• [YOUR TASK]
Down to the last line, retype the records below exactly and skip the pictures.

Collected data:

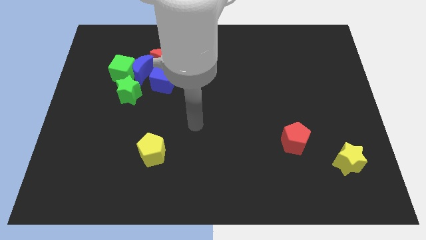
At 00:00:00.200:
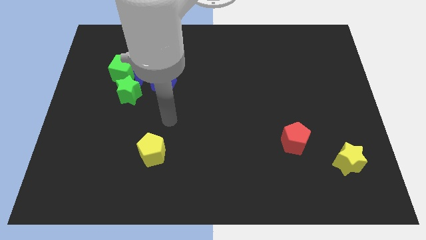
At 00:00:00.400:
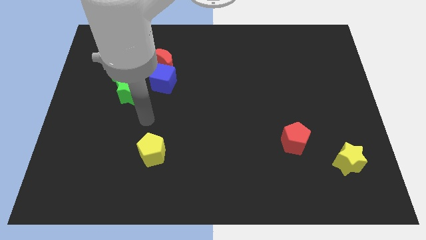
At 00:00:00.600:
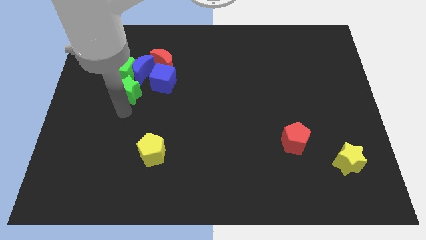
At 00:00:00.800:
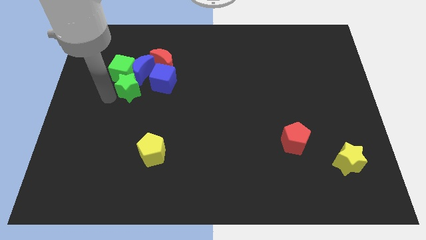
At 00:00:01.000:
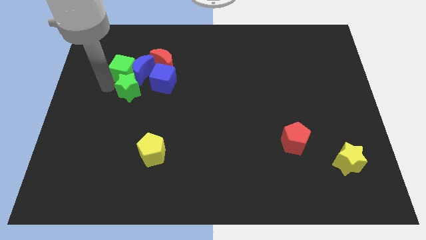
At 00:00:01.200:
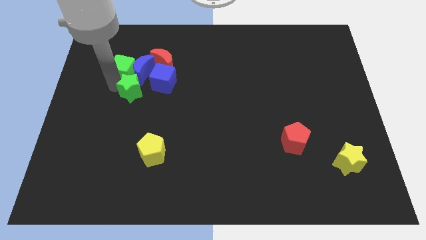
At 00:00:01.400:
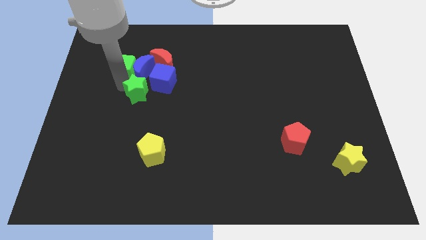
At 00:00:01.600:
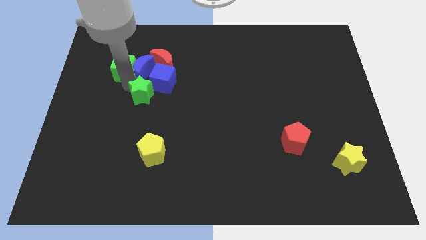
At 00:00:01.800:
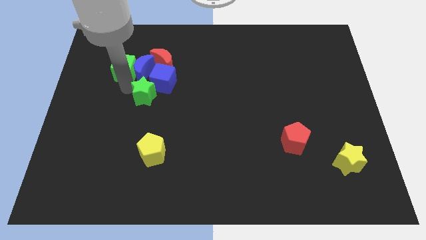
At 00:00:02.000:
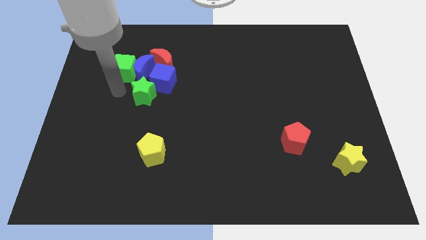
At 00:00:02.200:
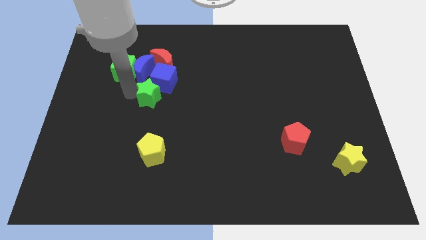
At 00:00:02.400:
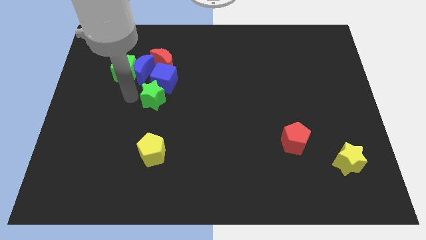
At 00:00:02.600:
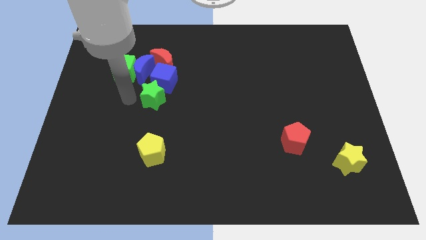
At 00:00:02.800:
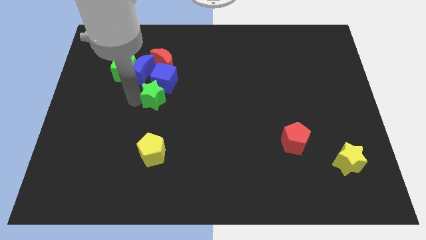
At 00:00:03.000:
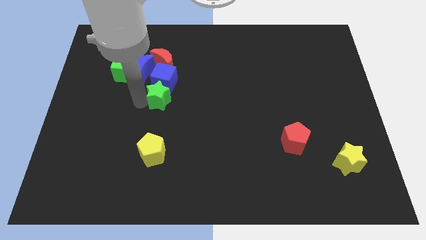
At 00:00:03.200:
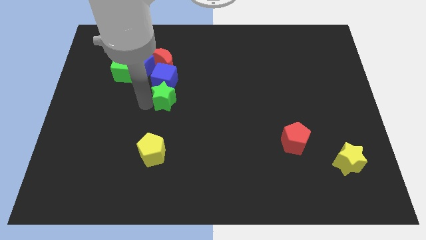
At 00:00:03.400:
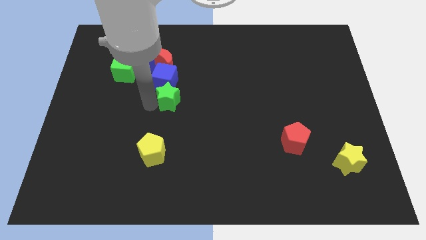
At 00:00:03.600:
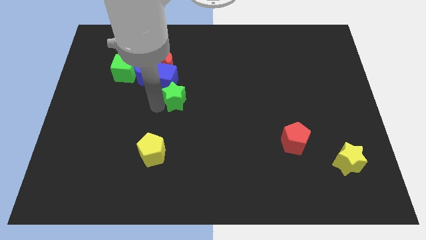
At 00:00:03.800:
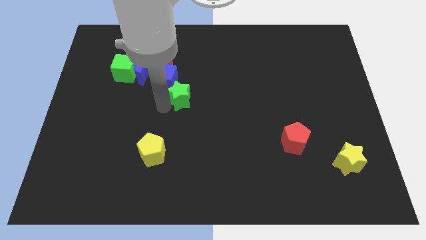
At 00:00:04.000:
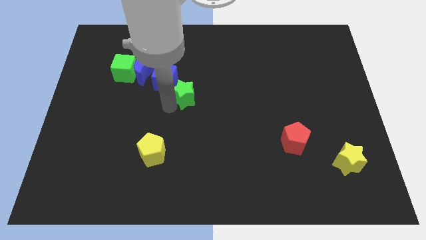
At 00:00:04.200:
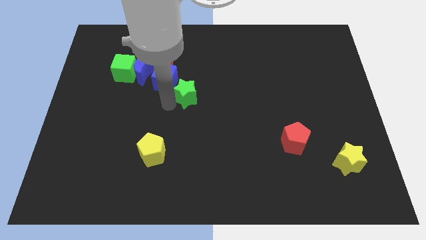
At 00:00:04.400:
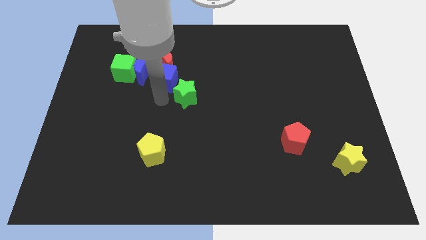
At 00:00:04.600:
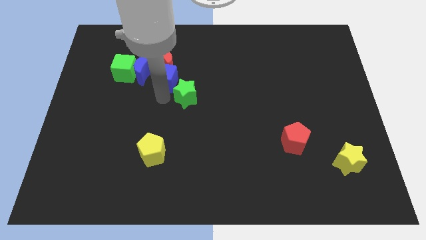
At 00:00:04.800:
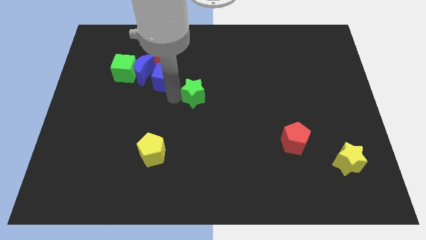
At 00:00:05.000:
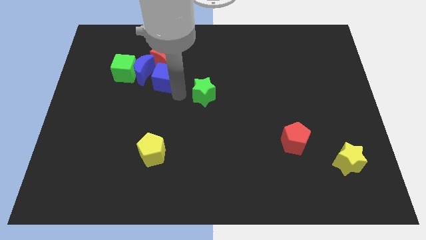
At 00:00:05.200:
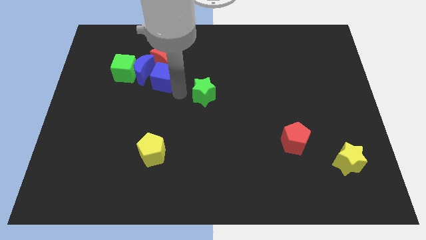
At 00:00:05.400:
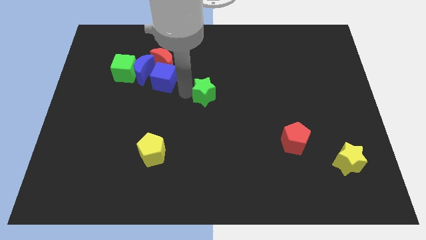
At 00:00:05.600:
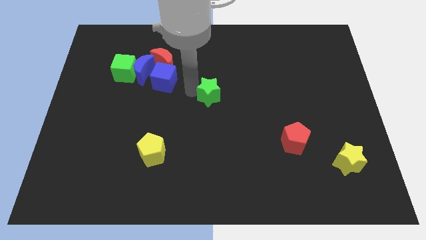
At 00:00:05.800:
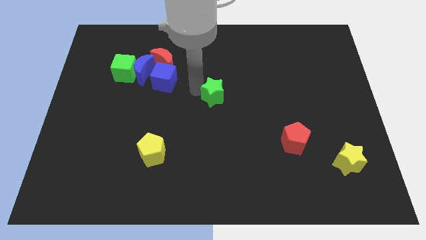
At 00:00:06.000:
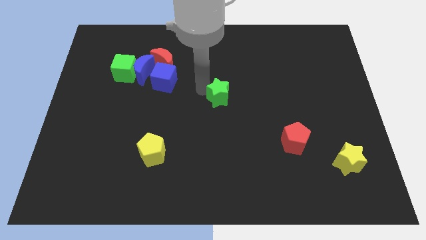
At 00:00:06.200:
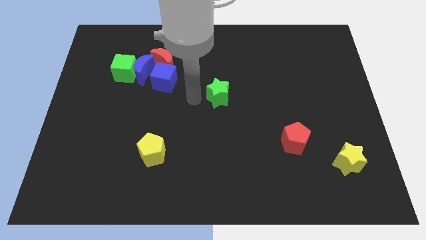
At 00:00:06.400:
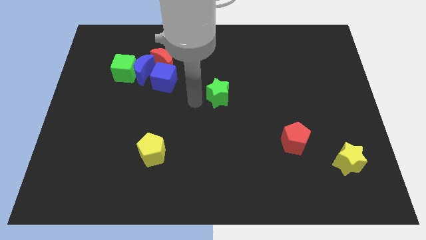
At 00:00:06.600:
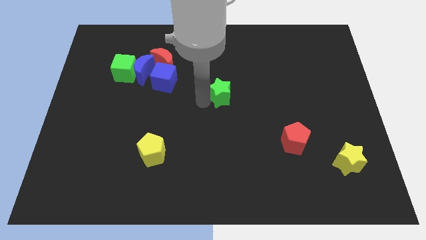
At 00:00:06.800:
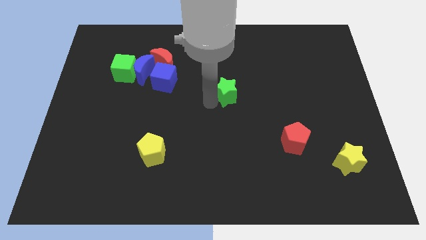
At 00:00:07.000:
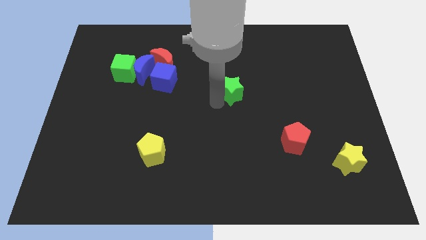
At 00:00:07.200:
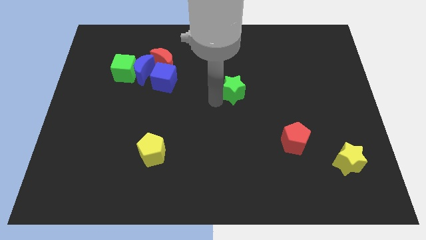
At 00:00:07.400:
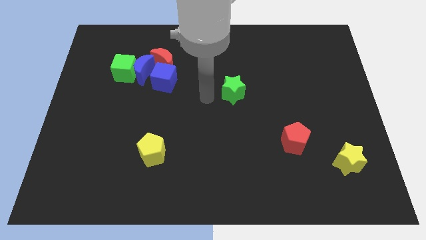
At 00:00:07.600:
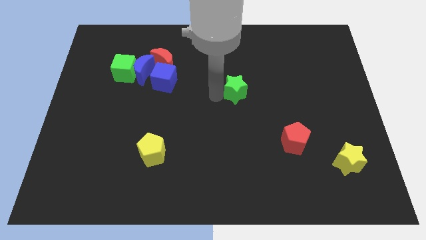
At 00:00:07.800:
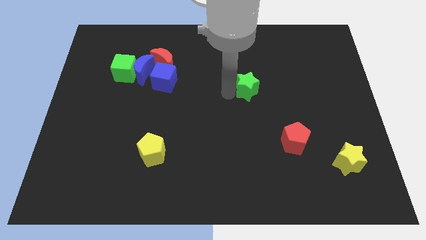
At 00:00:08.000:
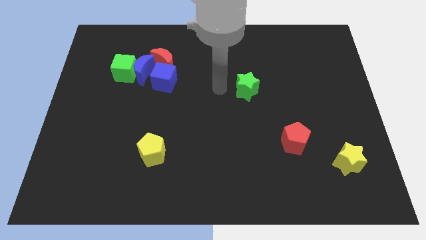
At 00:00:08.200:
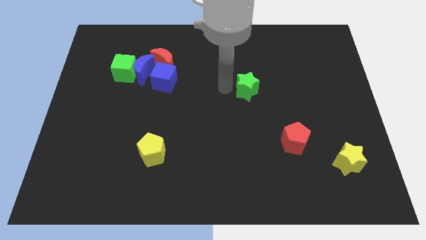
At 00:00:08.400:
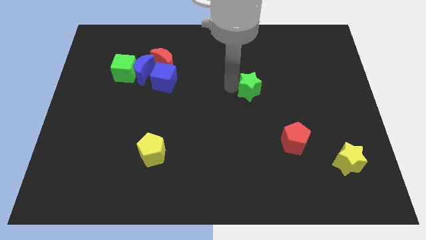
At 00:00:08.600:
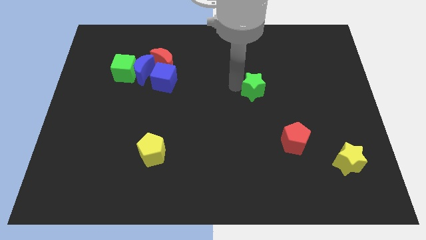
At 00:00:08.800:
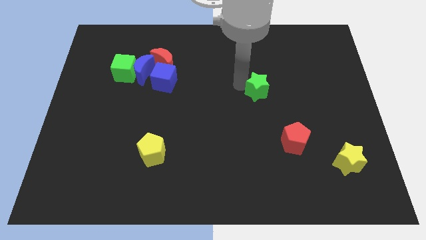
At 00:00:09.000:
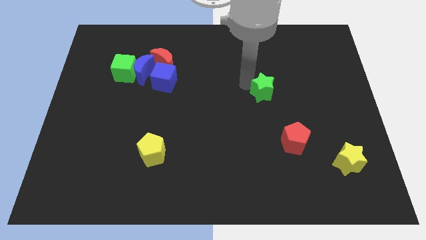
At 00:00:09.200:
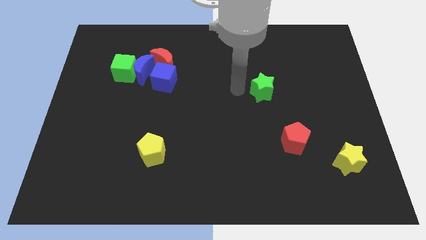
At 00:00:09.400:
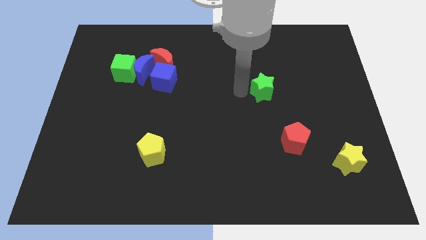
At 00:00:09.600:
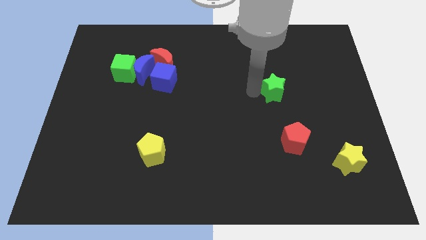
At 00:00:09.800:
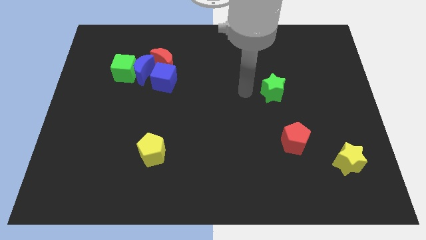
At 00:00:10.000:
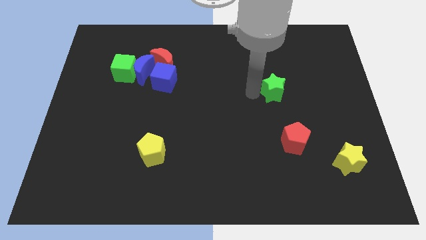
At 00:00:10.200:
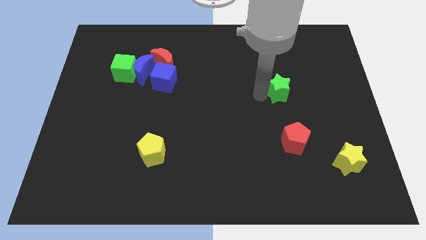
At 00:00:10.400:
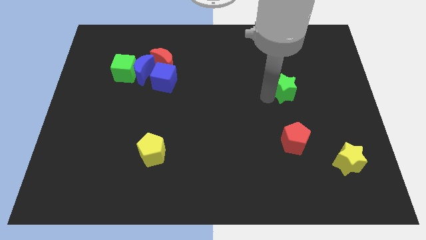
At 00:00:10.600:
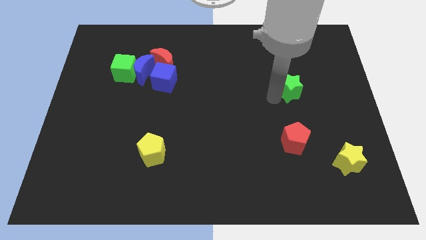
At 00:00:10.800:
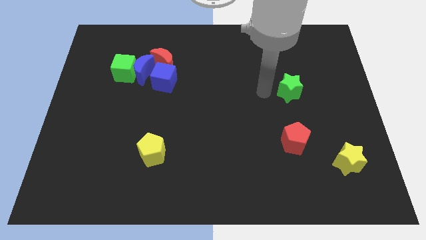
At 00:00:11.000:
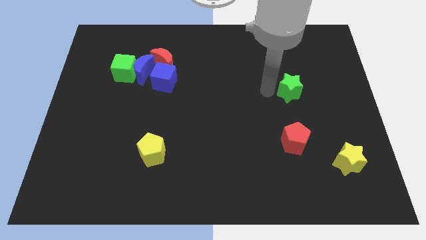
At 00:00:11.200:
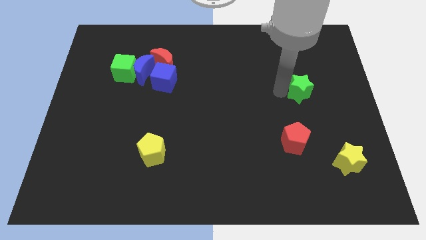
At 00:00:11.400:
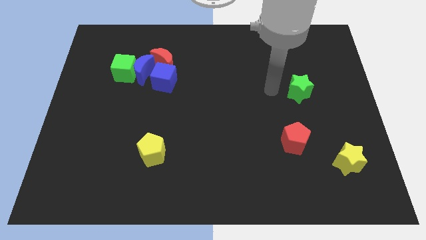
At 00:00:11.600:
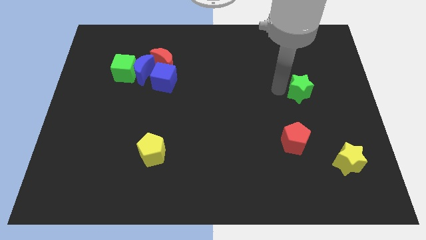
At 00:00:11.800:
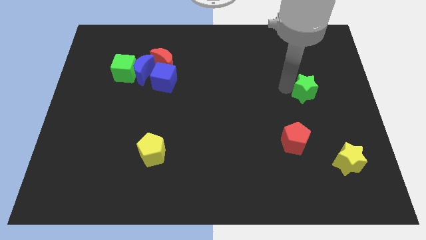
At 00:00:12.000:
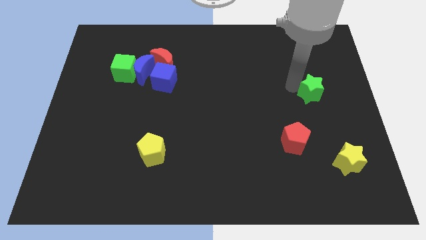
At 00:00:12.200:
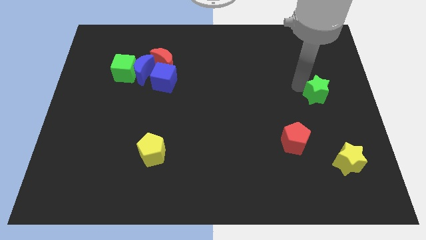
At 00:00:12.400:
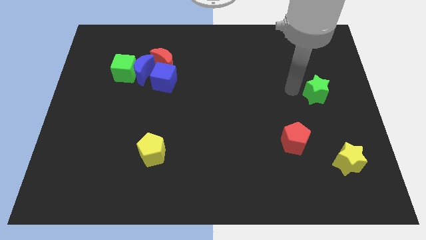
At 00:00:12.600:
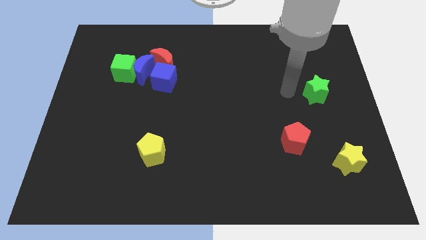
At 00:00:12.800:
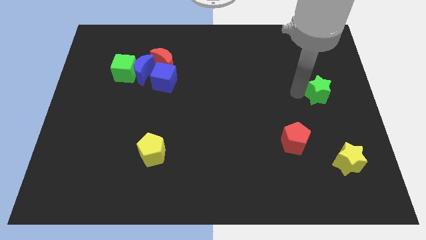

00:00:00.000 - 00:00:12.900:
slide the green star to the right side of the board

• [FINISHED TASK]
At 00:00:00.200:
At 00:00:00.400:
At 00:00:00.600:
At 00:00:00.800:
At 00:00:01.000:
At 00:00:01.200:
At 00:00:01.400:
At 00:00:01.600:
At 00:00:01.800:
At 00:00:02.000:
At 00:00:02.200:
At 00:00:02.400:
At 00:00:02.600:
At 00:00:02.800:
At 00:00:03.000:
At 00:00:03.200:
At 00:00:03.400:
At 00:00:03.600:
At 00:00:03.800:
At 00:00:04.000:
At 00:00:04.200:
At 00:00:04.400:
At 00:00:04.600:
At 00:00:04.800:
At 00:00:05.000:
At 00:00:05.200:
At 00:00:05.400:
At 00:00:05.600:
At 00:00:05.800:
At 00:00:06.000:
At 00:00:06.200:
At 00:00:06.400:
At 00:00:06.600:
At 00:00:06.800:
At 00:00:07.000:
At 00:00:07.200:
At 00:00:07.400:
At 00:00:07.600:
At 00:00:07.800:
At 00:00:08.000:
At 00:00:08.200:
At 00:00:08.400:
At 00:00:08.600:
At 00:00:08.800:
At 00:00:09.000:
At 00:00:09.200:
At 00:00:09.400:
At 00:00:09.600:
At 00:00:09.800:
At 00:00:10.000:
At 00:00:10.200:
At 00:00:10.400:
At 00:00:10.600:
At 00:00:10.800:
At 00:00:11.000:
At 00:00:11.200:
At 00:00:11.400:
At 00:00:11.600:
At 00:00:11.800:
At 00:00:12.000:
At 00:00:12.200:
At 00:00:12.400:
At 00:00:12.600:
At 00:00:12.800:

00:00:00.000 - 00:00:12.900:
slide the green star to the right side of the board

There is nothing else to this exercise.